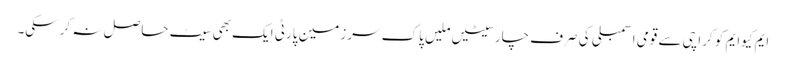
ایم کیوایم کو کراچی سے قومی اسمبلی کی صرف چارسیٹیں ملیں پاک سرزمین پارٹی ایک بھی سیٹ حاصل نہ کرسکی۔
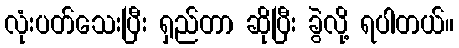
လုံးပတ်သေးပြီး ရှည်တာ ဆိုပြီး ခွဲလို့ ရပါတယ်။
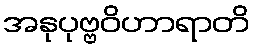
အနုပုဗ္ဗဝိဟာရာတိ
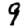
Digit: 9
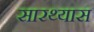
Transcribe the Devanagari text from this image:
सारथ्यास
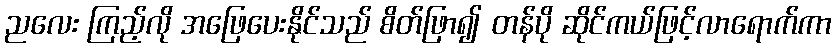
ညလေး ကြည့်လို အဖြေပေးနိုင်သည် စိတ်ဖြာ၍ တန်ပို ဆိုင်ကယ်ဖြင့်လာရောက်ကာ
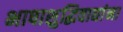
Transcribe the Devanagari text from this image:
भाषाशुद्धिवाद्यांना
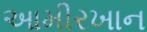
આમીરખાન
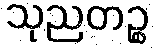
သုညတဉ္စ
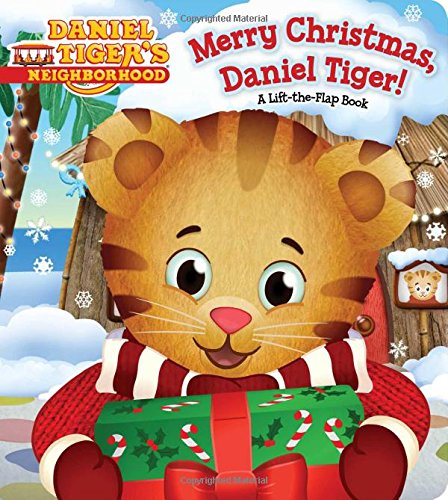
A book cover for Merry Christmas, Daniel Tiger!: A Lift-the-Flap Book (Daniel Tiger's Neighborhood); Angela C. Santomero; Children's Books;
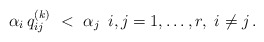
\begin{align*}\alpha_i \, q^{(k)}_{ij} \ < \ \alpha_j \ \, i, j = 1, \ldots , r, \ i \ne j\, .\end{align*}
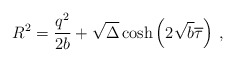
\begin{align*}R^2=\frac{q^2}{2b}+\sqrt{\Delta}\cosh\left(2\sqrt{b}\overline{\tau}\right)\,,\end{align*}
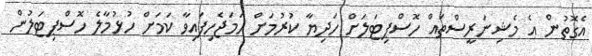
އެގޮތުން އެ މެޝިނަރީސްތައް ހޮސްޕިޓަލަށް ހަދިޔާ ކުރުމަށް ހަމަޖެހިފައިވާ ކަމަށް ހުޅުމާލެ ހޮސްޕިޓަލުން
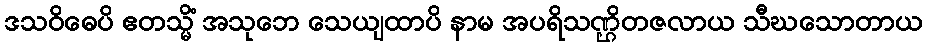
ဒသဝိဓေပိ ဧတသ္မိံ အသုဘေ သေယျထာပိ နာမ အပရိသဏ္ဌိတဇလာယ သီဃသောတာယ
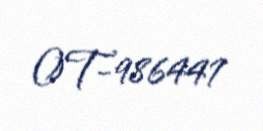
OT-986447

* * * * * * *

- **What needs to be done**
Copy every line from the records above that contains the word "align".

- **Solution for this problem**
\begin{align*}\alpha_i \, q^{(k)}_{ij} \ < \ \alpha_j \ \, i, j = 1, \ldots , r, \ i \ne j\, .\end{align*}
\begin{align*}R^2=\frac{q^2}{2b}+\sqrt{\Delta}\cosh\left(2\sqrt{b}\overline{\tau}\right)\,,\end{align*}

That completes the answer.